Alonzo went on to explain that a W-9 tax form is also required in order to provide a tax identification number. The reason for the form is due to the county issuing 1099-G forms for those receiving assistance.

“In order for me to submit those 1099s to the Internal Revenue Service, I do have to have a taxpayer identification number,” Alonzo said. “For landlords who might not have a business tax ID, they use their social security number and that form is their official statement that, ‘this is my tax identification number and obviously they must fill out that form with their signature.” 

Alonzo also talked about the absence of staff in the auditor’s office to review the ERA tickets which is usually done by three to three individuals. 

“We do stay late to work on them, I have dropped off payments at apartment offices and slipped payments under the door,” Alonzo said. “We’ve had staff, our assistant who’s dropped off payments, I’m sorry, checks at the hotels, we’ve met the hotel managers in the parking lot to give them tickets, we’ve called landlords to let them know that tickets are available.”

Alonzo said that while it’s a time-consuming process, the staff is working hard to get things done. 

Assistant County Auditor, Vickie Dorsett also spoke regarding the program guidelines and the guidance given by the U.S. Treasury and how it has changed over time. 

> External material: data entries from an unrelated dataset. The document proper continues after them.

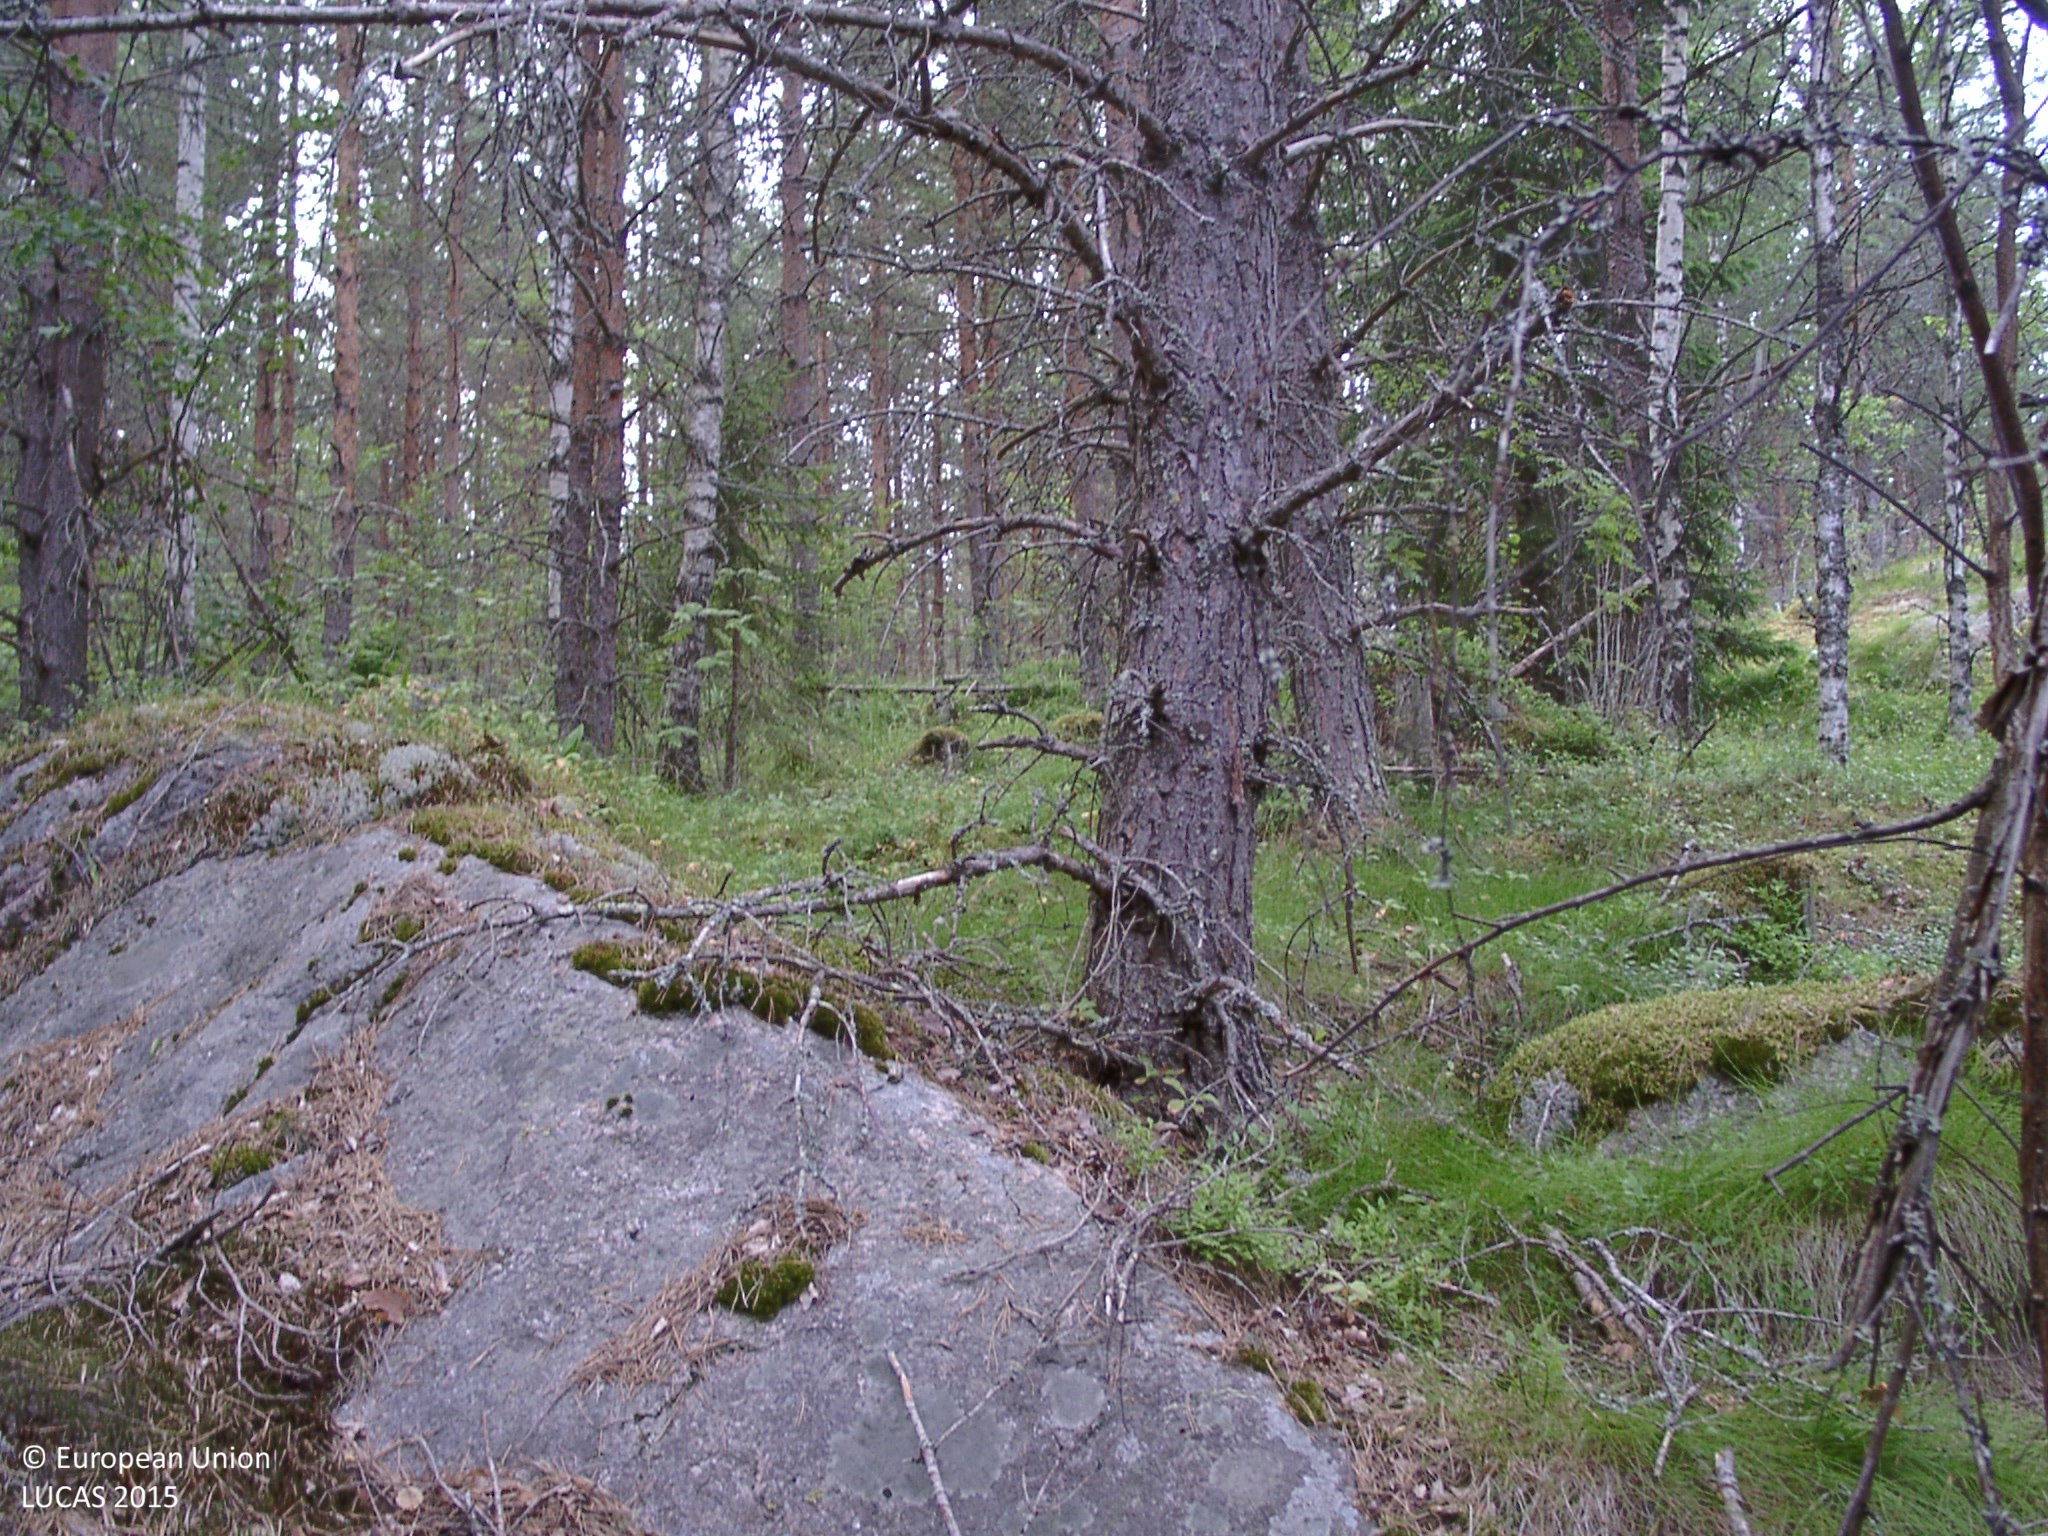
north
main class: Woodland
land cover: Pine dominated mixed woodland
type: boreal forest
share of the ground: 50 - 75 %
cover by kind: coniferous forest trees 45 %, broadleaved forest trees 25 %, herbaceous plants 10 %, lichens and mosses 10 %, shrubs 5 %, consolidated bare surface 5 %
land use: Forestry
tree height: > 5 m
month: July
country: FI
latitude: 61.7734
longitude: 24.7137

ERA 1 funding could pay 12 months and an additional three months and future rent for stability purposes in three-month increments. Since then, treasury guidance has allowed the payment of arrears for a full 12 months. The attestation of income and rental agreements came later from the treasury. 

Guidelines were then brought to the court in October. When the court approved the housing stability program, the guidance from the treasury was updated and the court gave the auditor’s office and ERA team the ability to update county guidelines based on guidance from the U.S. Treasury.